Start of Block

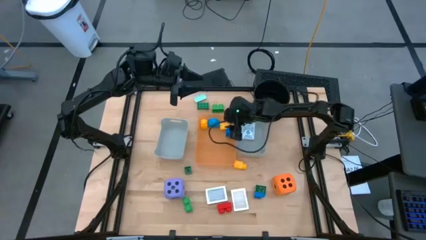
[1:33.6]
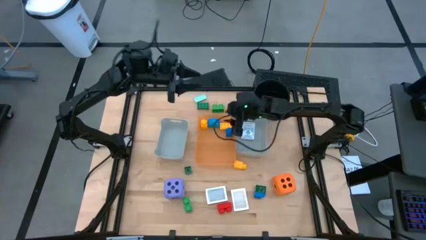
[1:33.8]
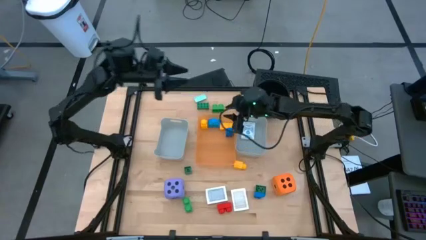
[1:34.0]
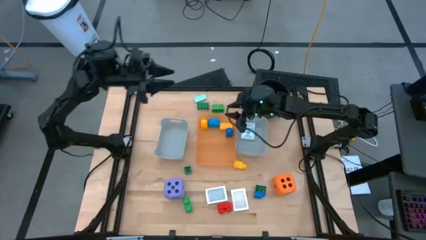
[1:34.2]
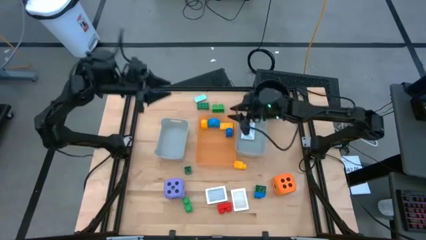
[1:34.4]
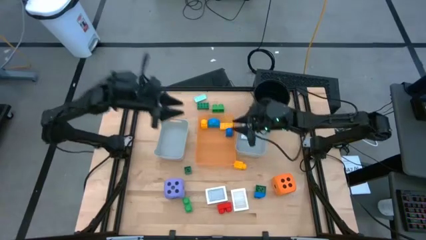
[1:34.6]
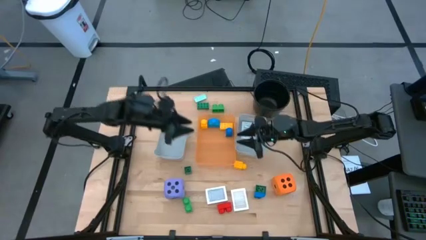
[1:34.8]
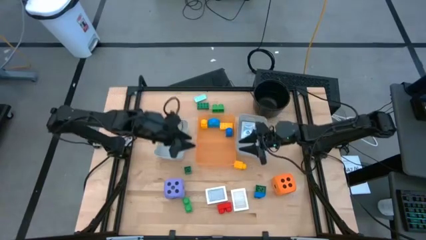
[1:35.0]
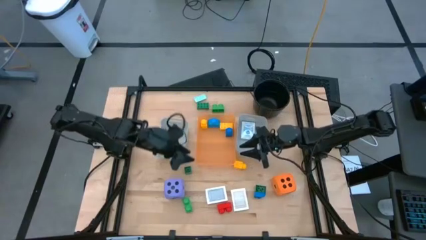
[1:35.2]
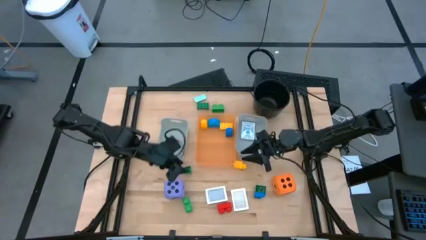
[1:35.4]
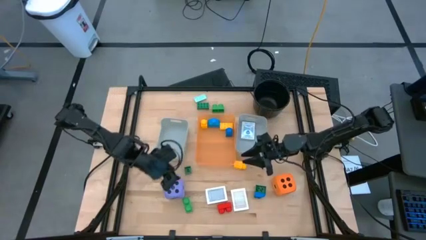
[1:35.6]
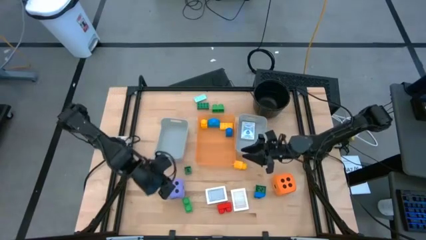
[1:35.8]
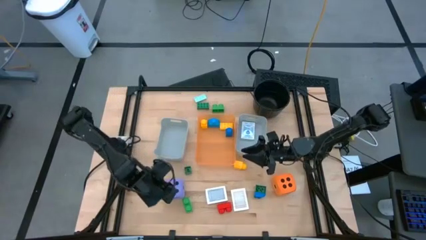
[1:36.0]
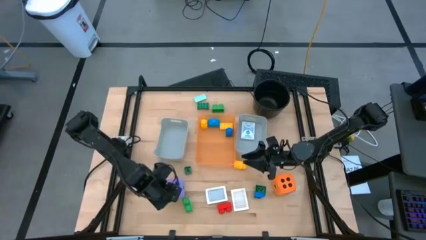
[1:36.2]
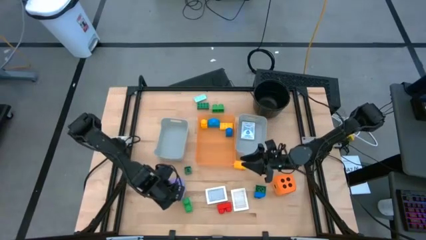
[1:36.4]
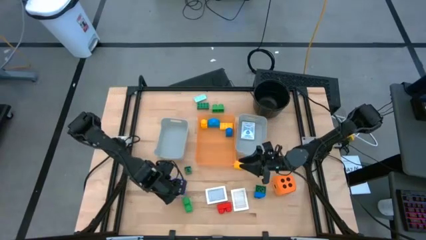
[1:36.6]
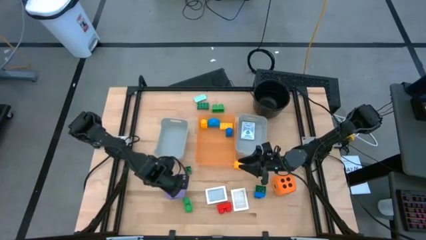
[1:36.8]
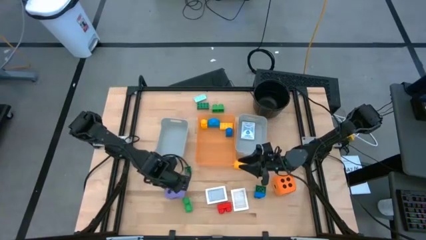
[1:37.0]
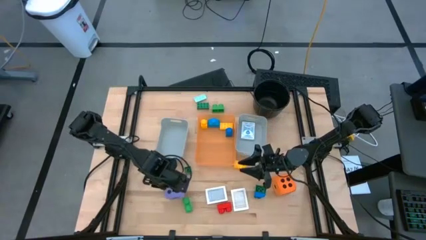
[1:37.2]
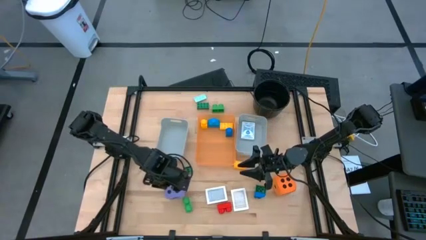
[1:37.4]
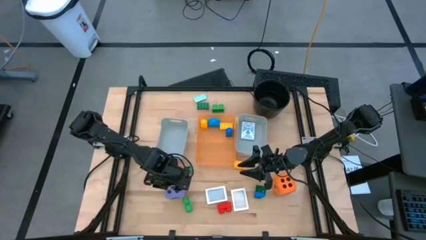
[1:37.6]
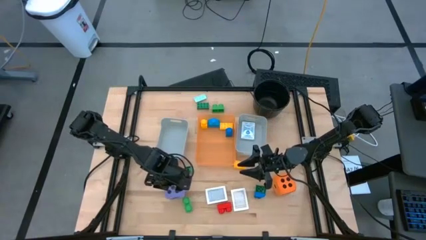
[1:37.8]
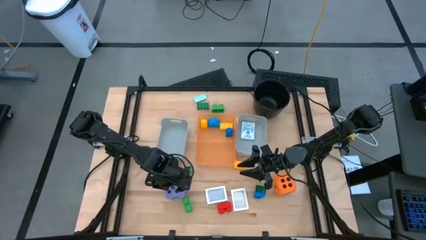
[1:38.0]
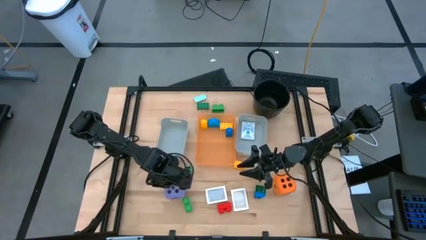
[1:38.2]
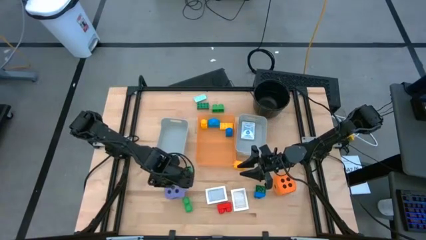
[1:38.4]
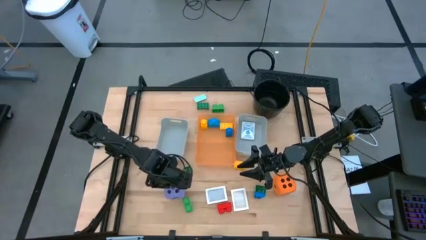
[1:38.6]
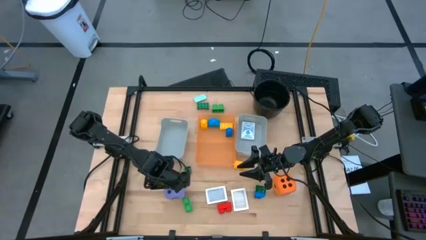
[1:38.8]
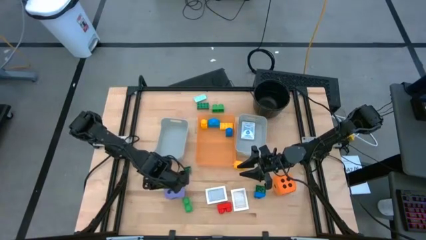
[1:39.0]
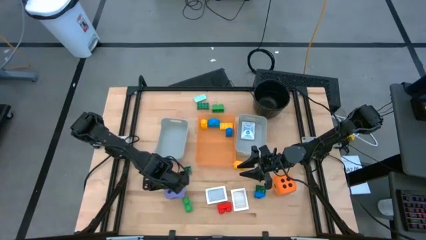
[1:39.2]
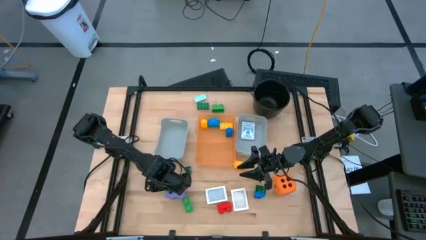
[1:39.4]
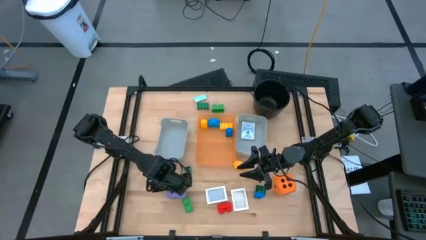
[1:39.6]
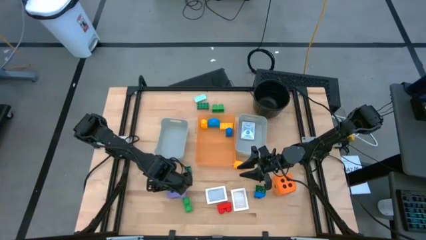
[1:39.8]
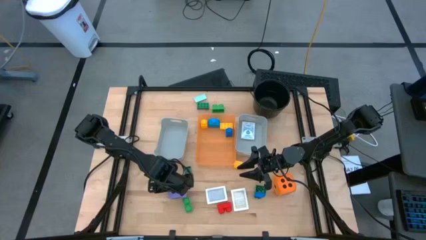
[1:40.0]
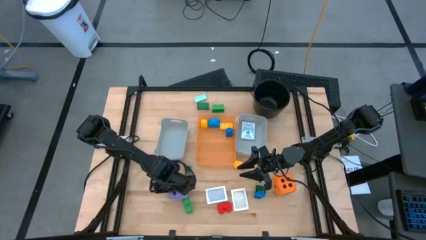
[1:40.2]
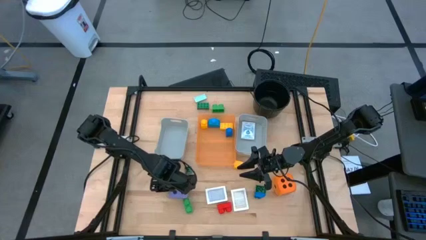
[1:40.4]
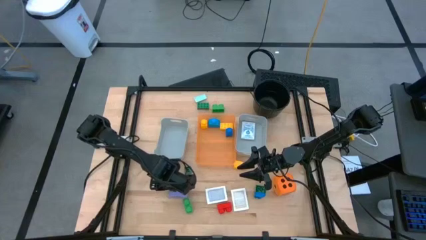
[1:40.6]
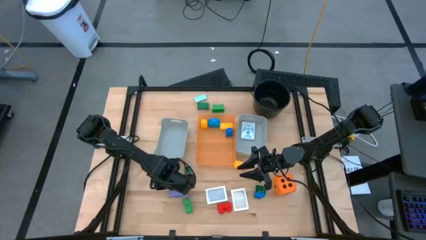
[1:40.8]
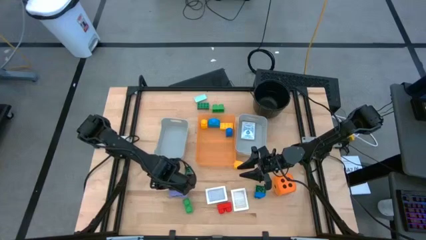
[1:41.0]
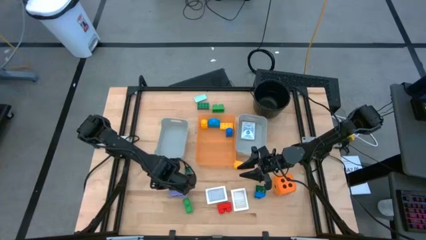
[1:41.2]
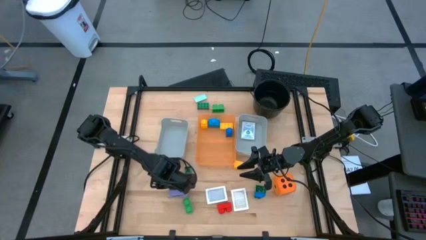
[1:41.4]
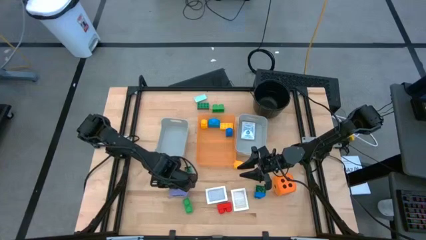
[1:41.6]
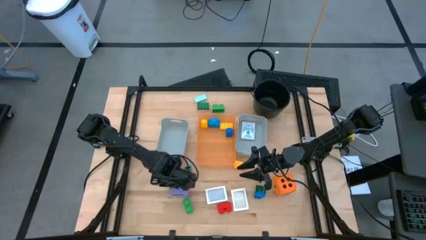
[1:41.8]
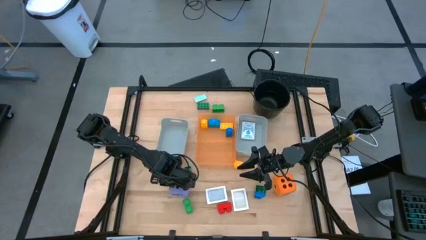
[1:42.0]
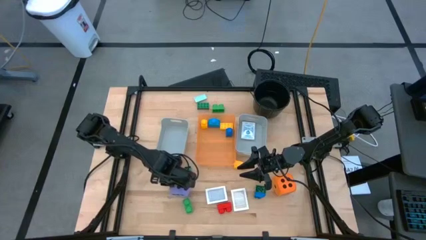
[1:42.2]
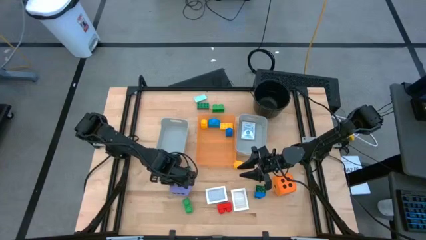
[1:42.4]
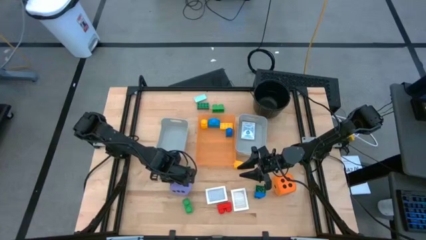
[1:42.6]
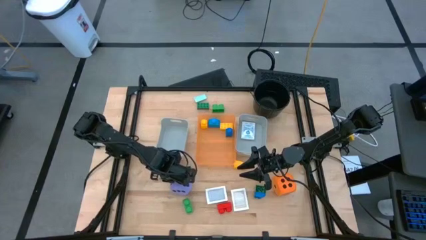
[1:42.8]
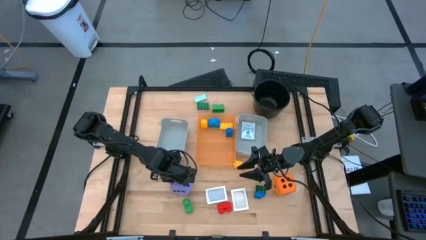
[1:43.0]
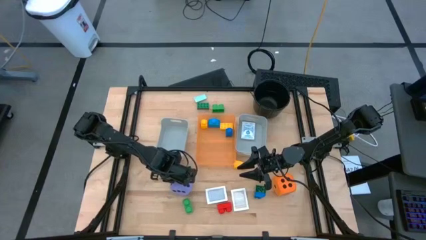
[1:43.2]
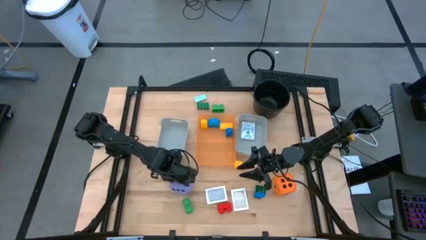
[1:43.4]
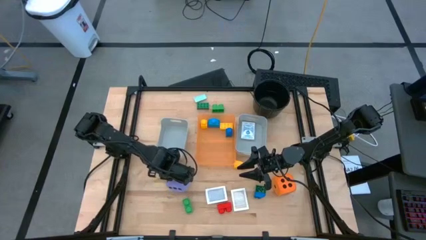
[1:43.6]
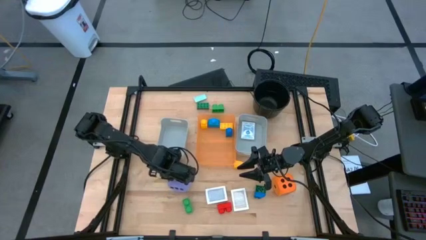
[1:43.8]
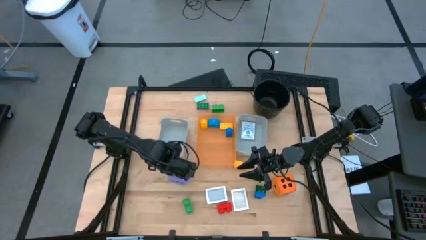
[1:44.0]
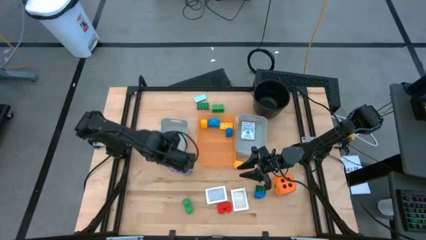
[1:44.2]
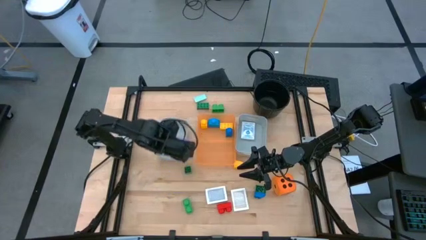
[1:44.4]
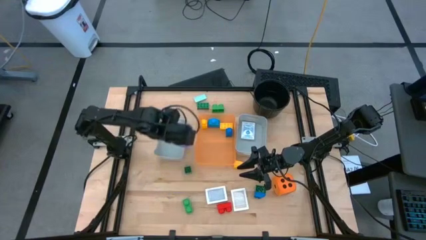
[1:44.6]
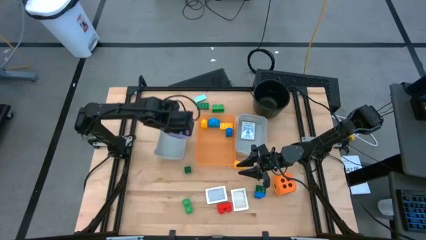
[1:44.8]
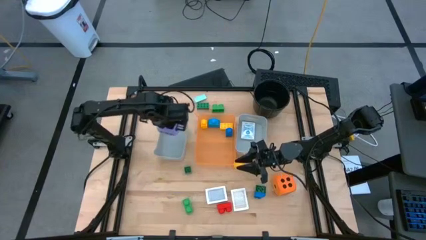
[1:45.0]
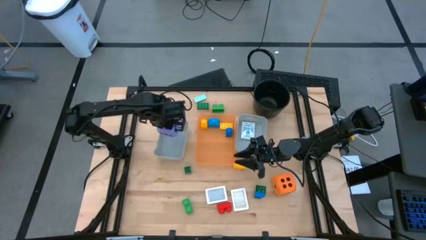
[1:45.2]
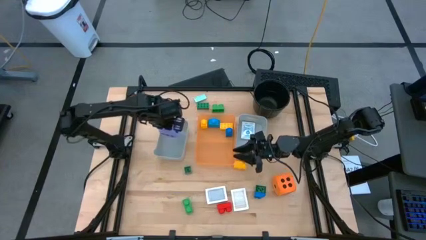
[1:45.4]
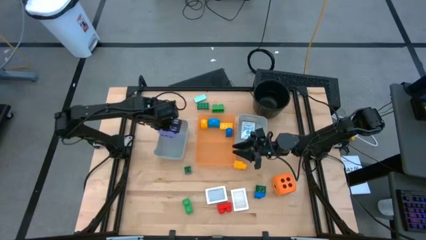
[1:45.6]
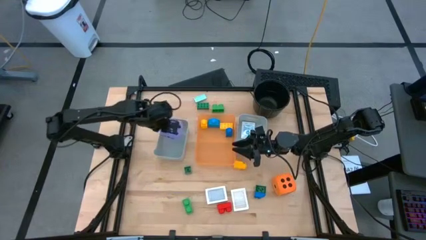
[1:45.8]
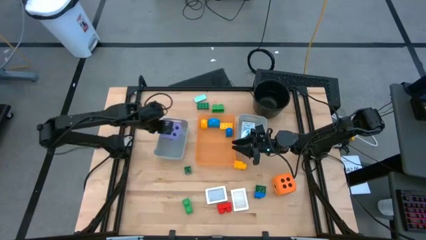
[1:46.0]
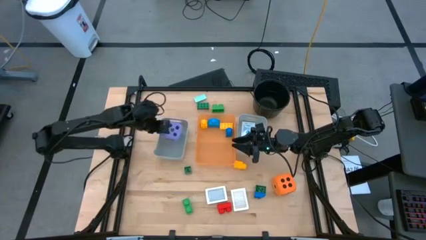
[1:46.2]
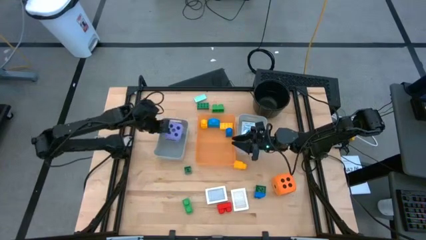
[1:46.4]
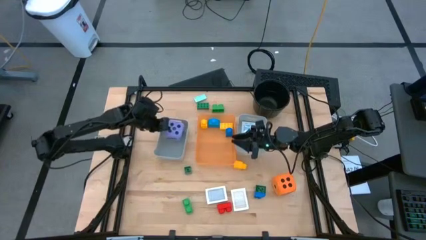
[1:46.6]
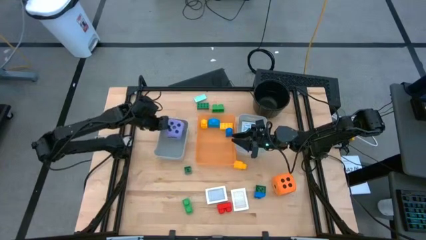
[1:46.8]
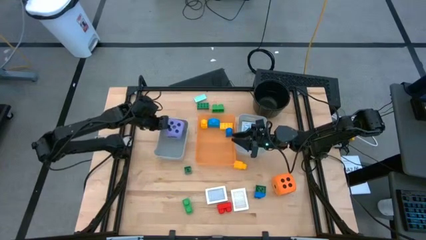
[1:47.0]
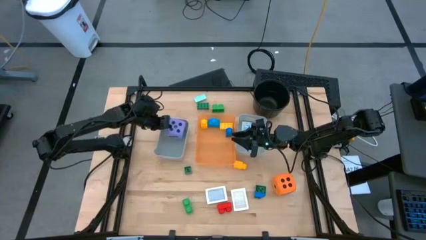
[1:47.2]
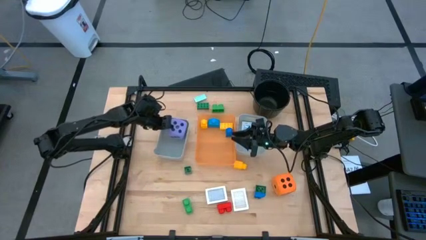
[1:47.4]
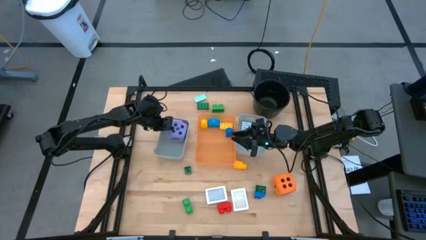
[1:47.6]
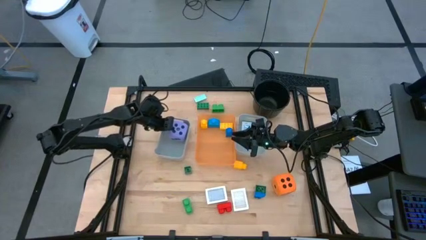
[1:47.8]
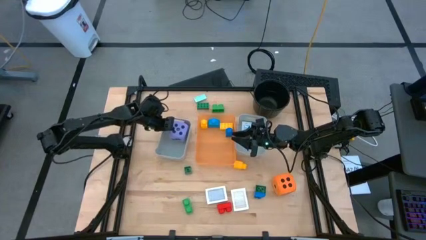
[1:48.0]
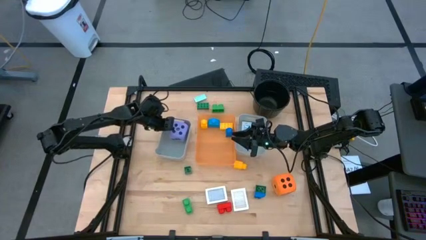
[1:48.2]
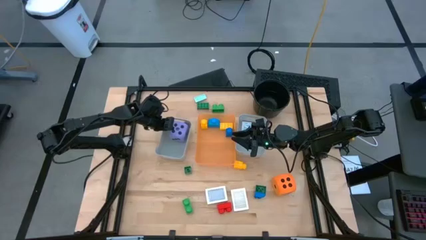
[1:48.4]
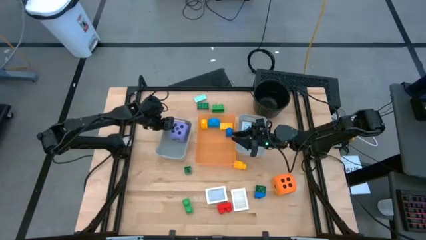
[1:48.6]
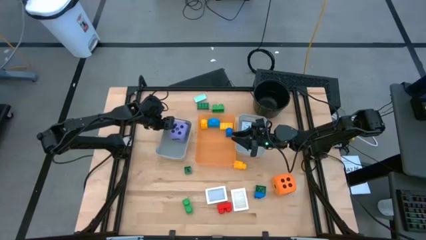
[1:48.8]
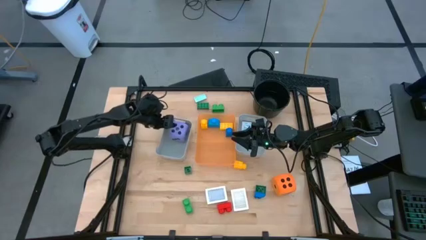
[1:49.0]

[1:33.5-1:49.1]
Task: Pick & Place Toys
Put the purple dice into the left gray bin

End of Block

◆ EXERCISE AIM
Leaving out the pictures, repeat the data above exactly.

◆ EXERCISE OUTPUT
[1:33.6]
[1:33.8]
[1:34.0]
[1:34.2]
[1:34.4]
[1:34.6]
[1:34.8]
[1:35.0]
[1:35.2]
[1:35.4]
[1:35.6]
[1:35.8]
[1:36.0]
[1:36.2]
[1:36.4]
[1:36.6]
[1:36.8]
[1:37.0]
[1:37.2]
[1:37.4]
[1:37.6]
[1:37.8]
[1:38.0]
[1:38.2]
[1:38.4]
[1:38.6]
[1:38.8]
[1:39.0]
[1:39.2]
[1:39.4]
[1:39.6]
[1:39.8]
[1:40.0]
[1:40.2]
[1:40.4]
[1:40.6]
[1:40.8]
[1:41.0]
[1:41.2]
[1:41.4]
[1:41.6]
[1:41.8]
[1:42.0]
[1:42.2]
[1:42.4]
[1:42.6]
[1:42.8]
[1:43.0]
[1:43.2]
[1:43.4]
[1:43.6]
[1:43.8]
[1:44.0]
[1:44.2]
[1:44.4]
[1:44.6]
[1:44.8]
[1:45.0]
[1:45.2]
[1:45.4]
[1:45.6]
[1:45.8]
[1:46.0]
[1:46.2]
[1:46.4]
[1:46.6]
[1:46.8]
[1:47.0]
[1:47.2]
[1:47.4]
[1:47.6]
[1:47.8]
[1:48.0]
[1:48.2]
[1:48.4]
[1:48.6]
[1:48.8]
[1:49.0]

[1:33.5-1:49.1]
Task: Pick & Place Toys
Put the purple dice into the left gray bin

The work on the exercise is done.